Monday, July 30, 2018

The Presidential exception to the Fourth Amendment

Here is another false arrest/free speech claim arising from the Occupy Wall Street protests of 2011, when thousands of people converged in Zuccotti Park in Manhattan to decry the capitalist beast. In this case, the police sent the protesters to a designated protest area to keep them away from President Obama, who was at the nearby Sheraton Hotel in midtown Manhattan. While Obama was at the hotel, the police made the protesters stay inside the press pen. They were allowed to leave when Obama departed the hotel. The protesters were stuck in the press pen for about 2 hours.

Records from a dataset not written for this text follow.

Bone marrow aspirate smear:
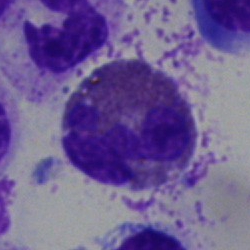Morphology — eosinophilic granulocyte.
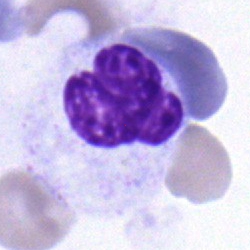
{"cell_type": "segmented neutrophil"}
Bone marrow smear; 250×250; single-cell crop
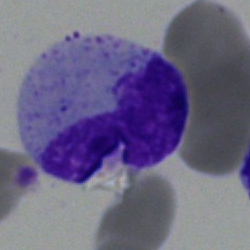 Monocyte.
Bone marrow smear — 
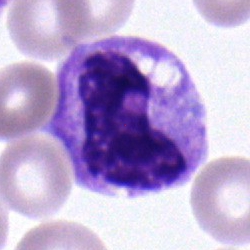Q: What cell is this?
A: A neutrophil (band).
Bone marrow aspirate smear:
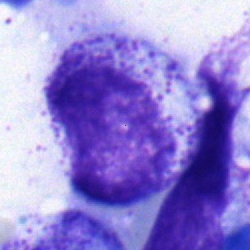 Cell type = myelocyte.

The case is Berg v. Kelly, decided on July 25. The claim is that the protesters were detained in the press pen in violation of the Fourth Amendment. The government argued that the "special needs" exception to the Fourth Amendment justified the detention. "Special needs" allows the police to conduct a limited search or temporary seizure that serves "special needs beyond the normal need for law enforcement." You don't see "special needs" arise that often, and the legal standard is difficult to articulate. The asserted special needs here was protecting the President. Case law "generally recognize[s] protection of the President as a special need apart from routine law enforcement," and the Second Circuit adopts that principle here. But the Court of Appeals (Hall, Raggi and Carney) says the government is not entitled to summary judgment in this case because the record says very little about the risk to Obama's safety during the demonstration if the protesters were allowed to go home in small groups and watch TV. So that claim survives.

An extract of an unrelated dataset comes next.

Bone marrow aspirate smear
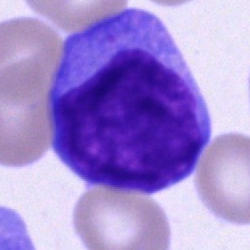

Cell = undifferentiated blast.

But it really does not survive because the government wins the case on other grounds: qualified immunity. This form of immunity lets governmental defendants -- including the police -- off the hook when the case law was not crystal clear at the time that they were violating the Constitution. The police get immunity here because the government has a huge interest in presidential safety, and "an objectively reasonable officer could have thought that the temporary detention here offered a permissible method of serving the heightened security need that exists during a Presidential visit." Here is the crux of the reasoning:

Officers charged with the duty of protecting the President reasonably could have concluded that—where OWS protesters had left the unrestricted designated protest area and entered an area set aside not for them but for the press—a reasonable way to allow the protesters to pursue their protest without risk that they would attempt to get closer still to the President was to require them to remain in the press pen until the President departed the area. With the benefit of hindsight, other means might be imagined to safeguard the President while also allowing plaintiffs to protest with less restriction on their freedom of movement. But the officers were balancing a number of legitimate concerns, including consideration for First and Fourth Amendment rights, in a dynamic situation. At the time in question no clearly established law signaled that the Officers’ conduct fell outside the special needs doctrine.